A democracia também tem presença marcada na passeatas que interrompem e engarrafam o trânsito.

Nas bandeiras dos candidatos que são lançadas com mais orgulho do que a própria, e nos panfletos distribuídos tão rápido que não te deixam pensar.



Bom, acho que já deu, vocês entenderam onde quero chegar né? Mas a pergunta que eu faço é até quando essa democracia vai ficar ao nosso alcance?

Eu, humildemente, penso que tenho a resposta. Ela vai ficar até o fim das eleições e vai voltar nas próximas. Então, agora, é bom você aproveitar a sua dose de democracia, porque até as próximas eleições, nós ficaremos calados e seremos excluídos de qualquer decisão tomada em nosso país.
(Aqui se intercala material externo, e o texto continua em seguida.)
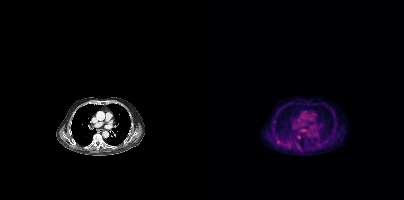
modality: PSMA PET/CT | tracer: 18F | view: axial
Coordinates are on the 200×200 PET (right) panel. Small PSMA-avid foci (2 to 4 px across) near (center x, center y): (74, 141); (69, 122).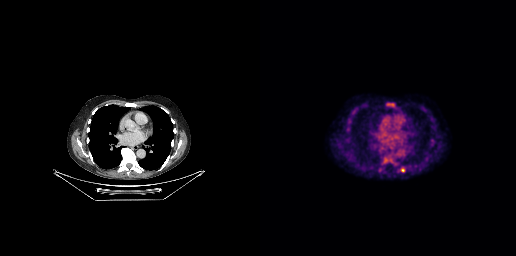
Coordinates are on the 256×256 PET (right) panel. PSMA-avid tumor lesion bounding box (x0,y0,x1,y1): [123,157,133,163]. Small PSMA-avid focus (2 to 4 px across) near (center x, center y): (142, 170).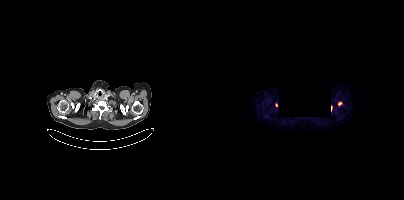
{"modality":"PSMA PET/CT","view":"axial","tracer":"18F","pet_grid":[200,200],"coord_frame":"pet_panel","coord_format":"x0,y0,x1,y1","partial":true,"lesion_bboxes":[],"small_foci_centers":[[135,103],[72,106]],"redaction":"privacy mask (black rectangle)"}
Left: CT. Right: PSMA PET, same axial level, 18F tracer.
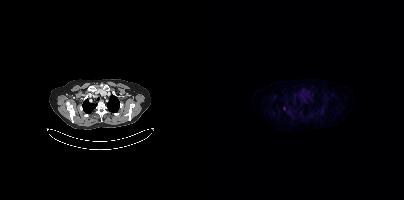
This slice has no annotated PSMA-avid lesion.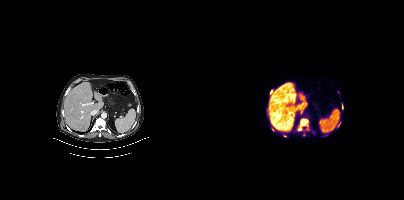
Technique: Left: CT. Right: PSMA PET, same axial level, 18F-PSMA tracer. slice position z = 26 mm. PET panel 200×200 px (4.1 mm/px).
Findings: Coordinates are on the 200×200 PET (right) panel. (showing 3 of 5 foci) PSMA-avid tumor lesion bounding box (x, y, width, height): x=97 y=119 w=7 h=8. Small PSMA-avid foci (2 to 4 px across) near (center x, center y): (95, 129) | (67, 91).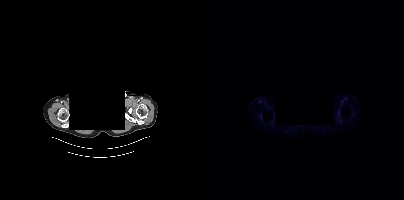
No tumor lesions annotated on this slice.
modality: PSMA PET/CT | tracer: [18F]PSMA-1007 | view: axial | PET grid: 200×200 | de-identification: face masked with black rectangle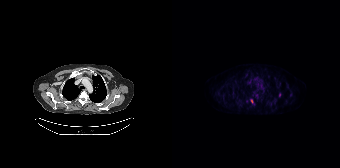
Coordinates are on the 168×168 PET (right) panel. PSMA-avid tumor lesion bounding box (x0,y0,x1,y1): [79,99,81,103]. Small PSMA-avid focus (2 to 4 px across) near (center x, center y): (107, 95).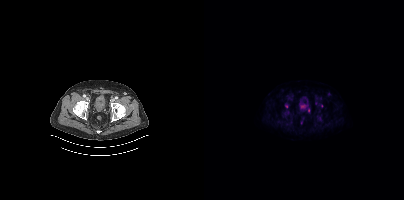
Technique: Two-panel axial: CT | PSMA PET, 18F-PSMA tracer. slice position z = -1575 mm.
Findings: No PSMA-avid tumor lesions on this slice.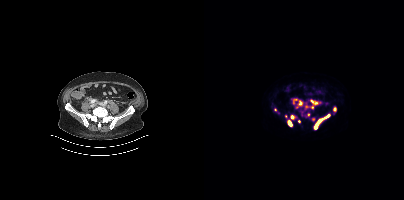
modality: PSMA PET/CT | tracer: 18F | view: axial | PET grid: 200×200
Coordinates are on the 200×200 PET (right) panel. (showing 11 of 16 foci) PSMA-avid tumor lesion bounding boxes (x0, y0)-(x1, y1): (110, 114)-(126, 129) | (83, 120)-(88, 126) | (106, 100)-(113, 104) | (94, 101)-(98, 105) | (87, 115)-(90, 119) | (129, 107)-(132, 111). Small PSMA-avid foci (2 to 4 px across) near (center x, center y): (108, 107) | (91, 99) | (95, 121) | (104, 114) | (81, 116).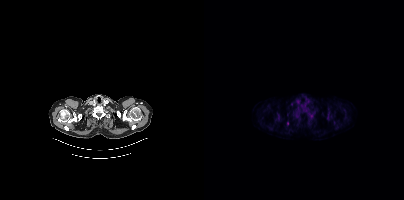
{"pet_grid":[200,200],"coord_frame":"pet_panel","coord_format":"x0,y0,x1,y1","lesion_bboxes":[],"small_foci_centers":[[83,123]],"modality":"PSMA PET/CT","view":"axial","tracer":"18F-PSMA"}
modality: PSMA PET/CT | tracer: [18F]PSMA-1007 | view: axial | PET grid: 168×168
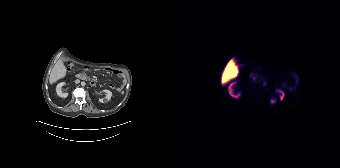
Negative for PSMA-avid disease on this slice.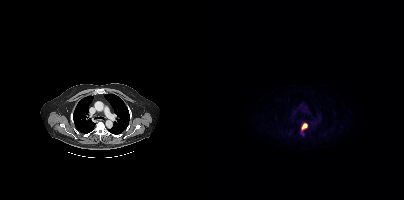
Coordinates are on the 200×200 PET (right) panel. PSMA-avid tumor lesion bounding box (x, y, width, height): x=97 y=123 w=7 h=8.
modality: PSMA PET/CT | tracer: 18F | view: axial | PET grid: 200×200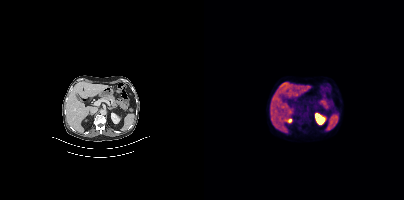
{"pet_grid":[200,200],"coord_frame":"pet_panel","coord_format":"x0,y0,x1,y1","psma_avid_lesions":false,"modality":"PSMA PET/CT","view":"axial","tracer":"18F-PSMA"}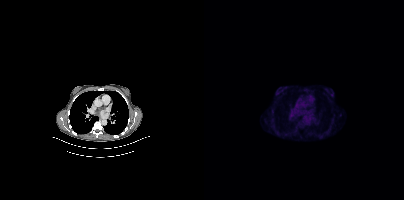
Two-panel axial: CT | PSMA PET, 18F-PSMA tracer. Acquired on Siemens Biograph mCT Flow 20. PET panel 200×200 px (4.1 mm/px). No PSMA-avid tumor lesions on this slice.
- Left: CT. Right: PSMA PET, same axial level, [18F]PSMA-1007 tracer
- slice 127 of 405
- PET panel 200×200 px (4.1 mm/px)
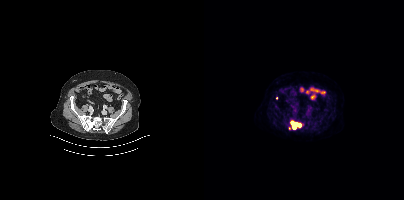
Findings: Coordinates are on the 200×200 PET (right) panel. PSMA-avid tumor lesion bounding box (x0, y0)-(x1, y1): (86, 120)-(97, 129). Small PSMA-avid foci (2 to 4 px across) near (center x, center y): (85, 128) / (72, 97).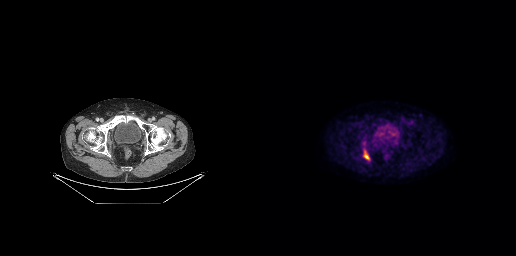
{"modality":"PSMA PET/CT","view":"axial","tracer":"[18F]PSMA-1007","pet_grid":[256,256],"coord_frame":"pet_panel","coord_format":"x0,y0,x1,y1","lesion_bboxes":[[103,150,109,160]]}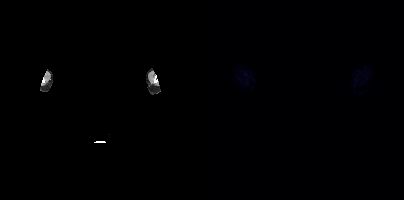
A rectangle over the head was blacked out to remove identifiable facial features. Paired axial CT (left) and PSMA PET (right), [18F]PSMA-1007 tracer. Acquired on Siemens Biograph mCT Flow 20. PET panel 200×200 px (4.1 mm/px). No PSMA-avid tumor lesions on this slice.
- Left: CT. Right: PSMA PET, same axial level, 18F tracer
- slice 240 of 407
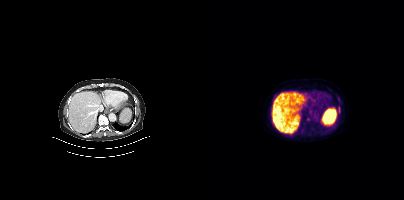
Findings: Coordinates are on the 200×200 PET (right) panel. (showing 1 of 2 foci) Small PSMA-avid focus (2 to 4 px across) near (center x, center y): (135, 110).
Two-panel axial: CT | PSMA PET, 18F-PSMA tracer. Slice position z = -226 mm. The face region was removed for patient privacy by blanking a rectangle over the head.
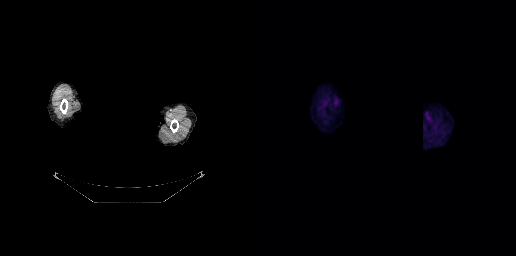
No PSMA-avid tumor lesions on this slice.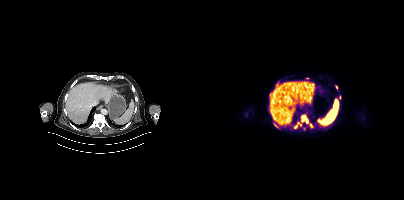
modality: PSMA PET/CT | tracer: 18F-PSMA | view: axial | PET grid: 200×200
Coordinates are on the 200×200 PET (right) panel. (showing 4 of 9 foci) PSMA-avid tumor lesion bounding boxes (x, y, width, height): x=97 y=115 w=12 h=13 | x=131 y=85 w=3 h=5 | x=69 y=123 w=4 h=5. Small PSMA-avid focus (2 to 4 px across) near (center x, center y): (91, 127).
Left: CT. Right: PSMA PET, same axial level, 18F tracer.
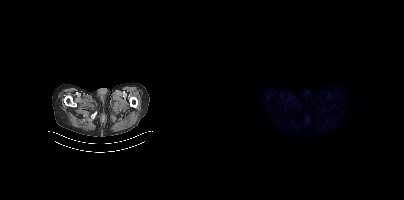
Negative for PSMA-avid disease on this slice.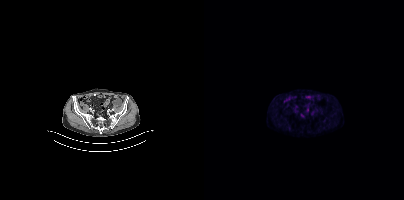
{"modality":"PSMA PET/CT","view":"axial","tracer":"18F","pet_grid":[200,200],"coord_frame":"pet_panel","coord_format":"x0,y0,x1,y1","psma_avid_lesions":false}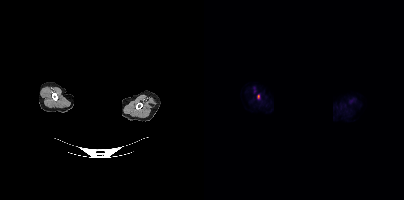
{"modality":"PSMA PET/CT","view":"axial","tracer":"18F","pet_grid":[200,200],"coord_frame":"pet_panel","coord_format":"x0,y0,x1,y1","lesion_bboxes":[],"small_foci_centers":[[54,96]],"deidentification":"facial region redacted"}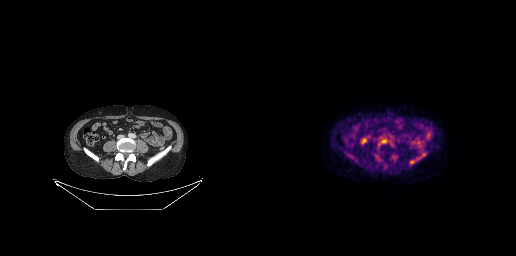
Findings: Coordinates are on the 256×256 PET (right) panel. PSMA-avid tumor lesion bounding box (x, y, width, height): x=150 y=160 w=5 h=4. Small PSMA-avid focus (2 to 4 px across) near (center x, center y): (123, 141).
Technique: Paired axial CT (left) and PSMA PET (right), 18F tracer. acquired on GE Discovery 690. slice position z = -581 mm.
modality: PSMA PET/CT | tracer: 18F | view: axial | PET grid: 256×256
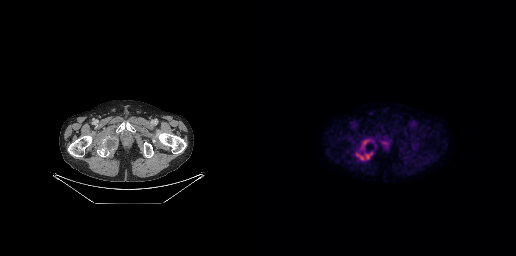
Coordinates are on the 256×256 PET (right) panel. PSMA-avid tumor lesion bounding boxes (x, y, width, height): x=105 y=152 w=8 h=7; x=102 y=140 w=7 h=8; x=96 y=153 w=8 h=7.

Referendos? Plebiscitos? Consultar a população? Não seja bobo. Nós servimos apenas para votar, para fazer com o sistema continue. Mas nós poderemos reclamar, claro que sim! Nas mesas de bares da vida, nas rodas de amigos, nas reuniões de família ou na solidão de algum momento.

Ontem, li um artigo que matou minha curiosidade sobre nossa constituição. Eu queria saber se na constituição dizia algo sobre referendos, plebiscitos, etc. E tem esse tema lá. Fala que a população tem sua participação na forma de: Sufrágio eleitoral, Referendo, Plebiscito e iniciativa popular de projeto de lei. Aí a gente se pergunta: Qual a razão de nunca sermos consultados? É simples. Agora vem a parte ruim...adivinhem só, quem decide quando seremos escutados? Os caras lá de Brasília. Novidade?

Pronto aí está. Tudo é feito por uma razão simples e clara. Agora nos cabe correr atrás e tentar mudar.

Yves.


Essa postagem tomou um rumo completamente diferente da minha intenção inicial. Na próxima vou colocar o que era meu objetivo desde o começo.